[GIVEN INFORMATION]:
>>>
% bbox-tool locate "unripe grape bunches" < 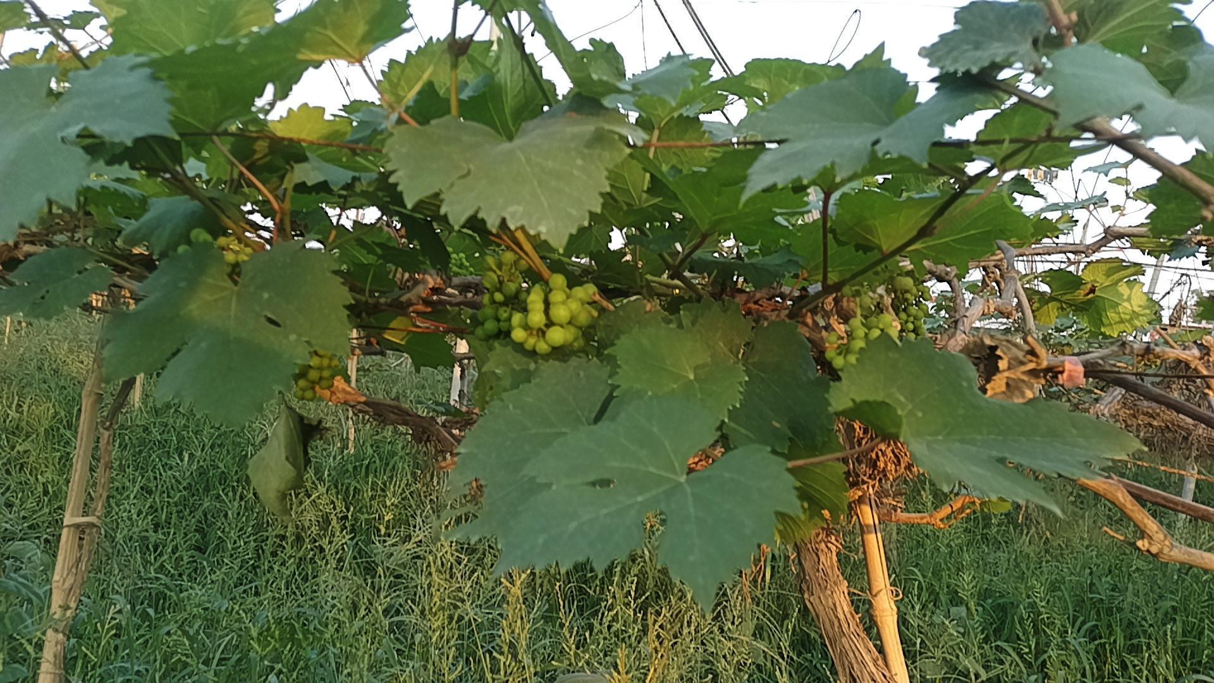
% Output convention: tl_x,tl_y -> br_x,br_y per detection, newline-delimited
178,228 -> 253,265
825,275 -> 932,369
474,251 -> 600,355
294,350 -> 343,400
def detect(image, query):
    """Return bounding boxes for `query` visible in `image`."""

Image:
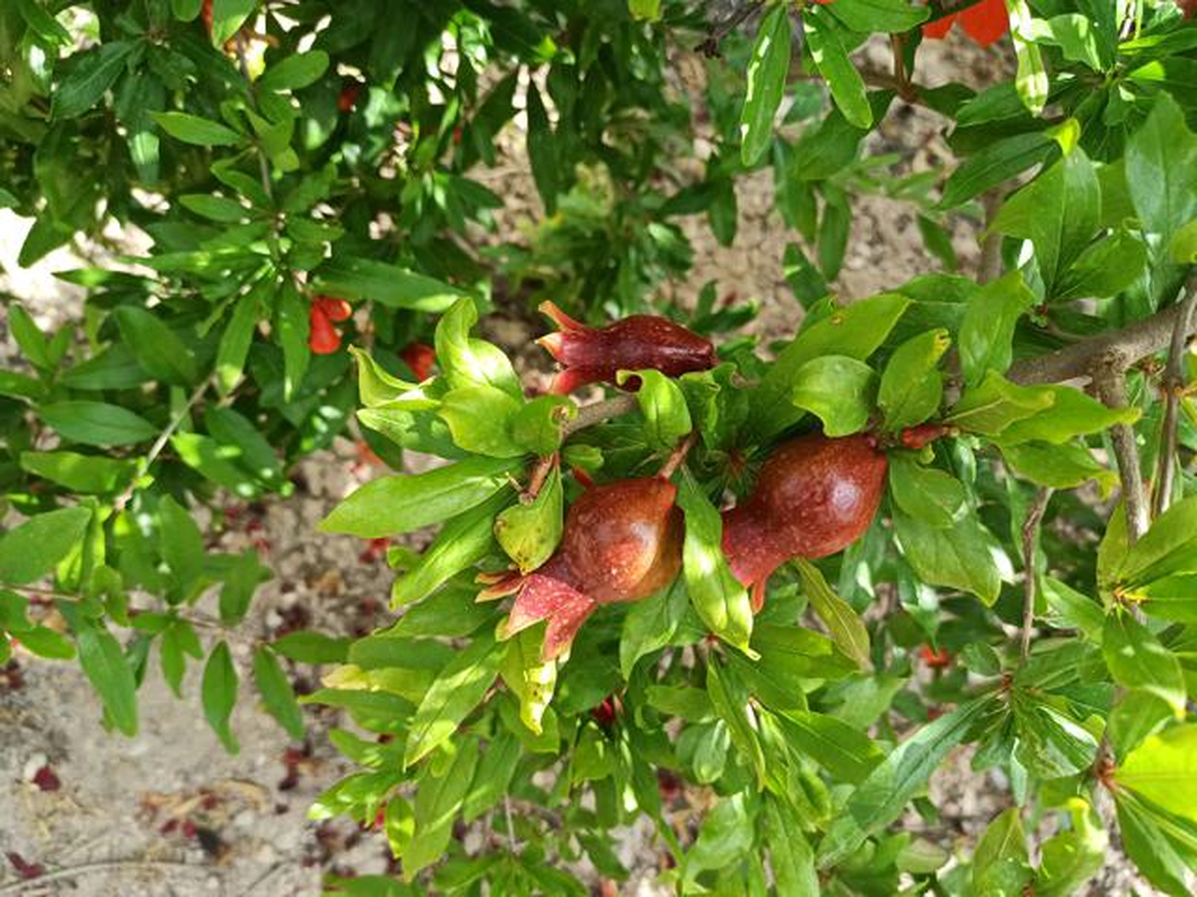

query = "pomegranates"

[718,426,890,613]
[537,299,716,396]
[471,473,683,667]
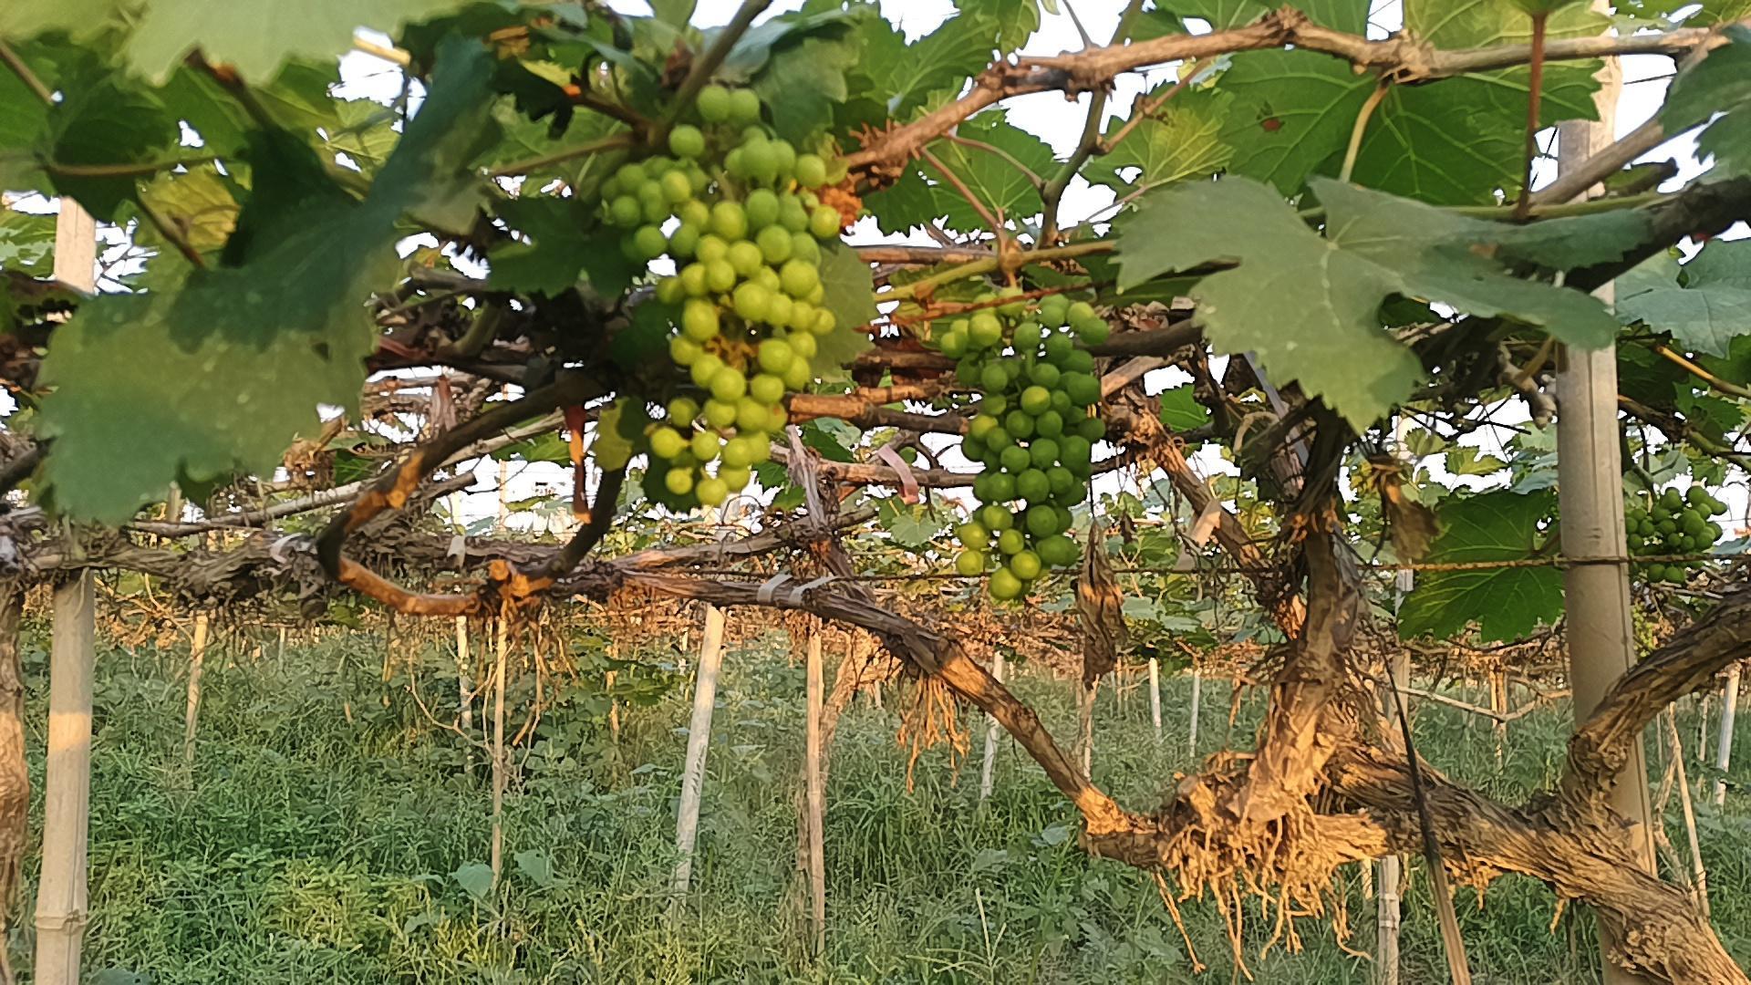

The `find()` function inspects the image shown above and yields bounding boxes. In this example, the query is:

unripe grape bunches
[582,84,843,505]
[1623,485,1727,585]
[939,285,1112,601]
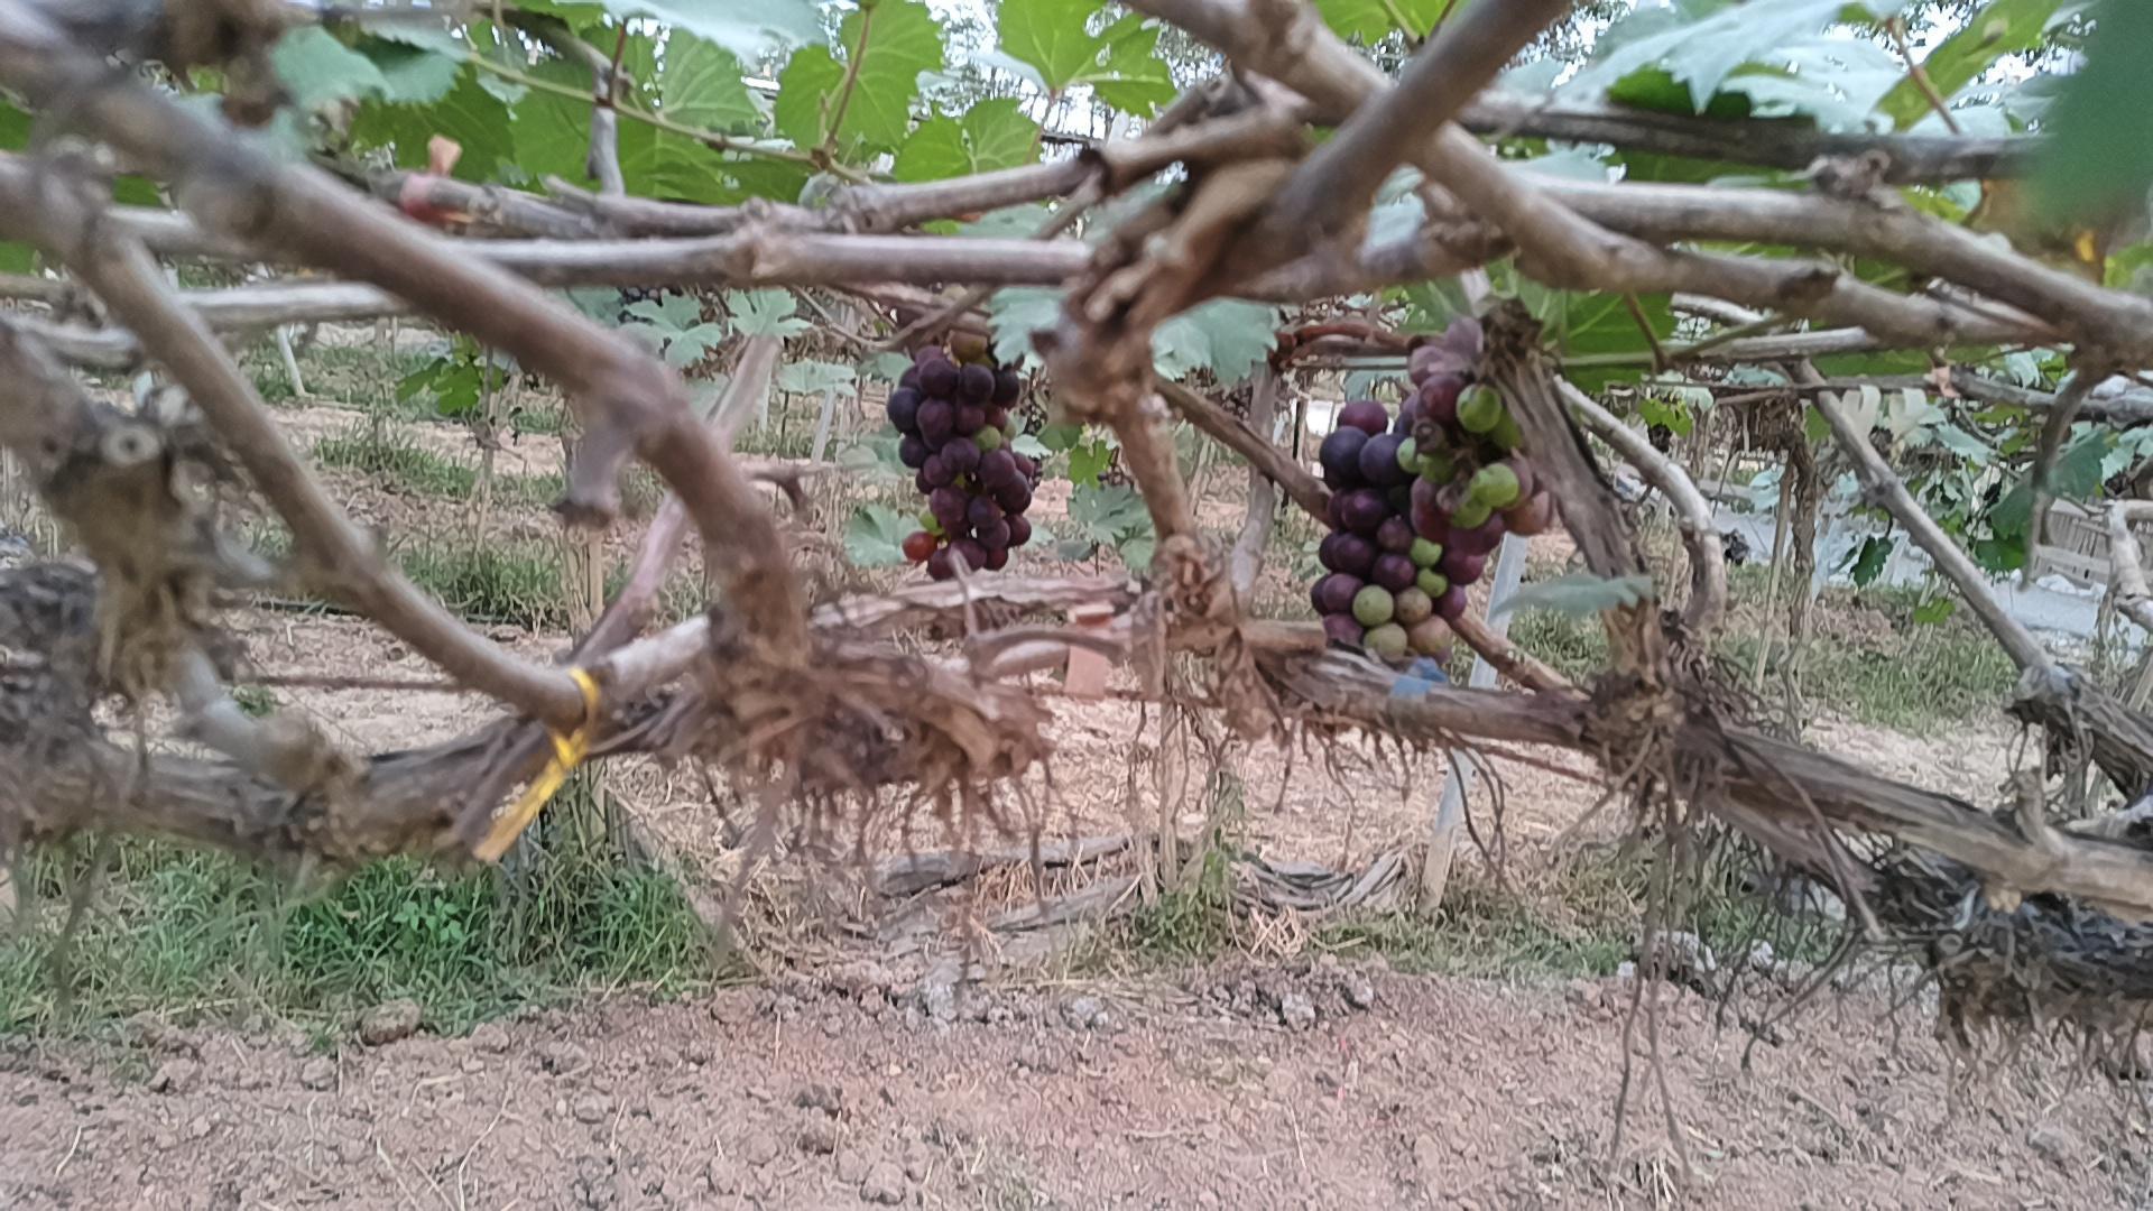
<<<
[THE PROBLEM]:
Retype only the lines above from the one with "bounding boxes for" through the last, both ends included, keeping every picture out of the copy.

[RESPONSE]:
    """Return bounding boxes for `query` visible in `image`."""

Image:

query = "pomegranates"

[718,426,890,613]
[537,299,716,396]
[471,473,683,667]

The `find()` function inspects the image shown above and yields bounding boxes. In this example, the query is:

unripe grape bunches
[582,84,843,505]
[1623,485,1727,585]
[939,285,1112,601]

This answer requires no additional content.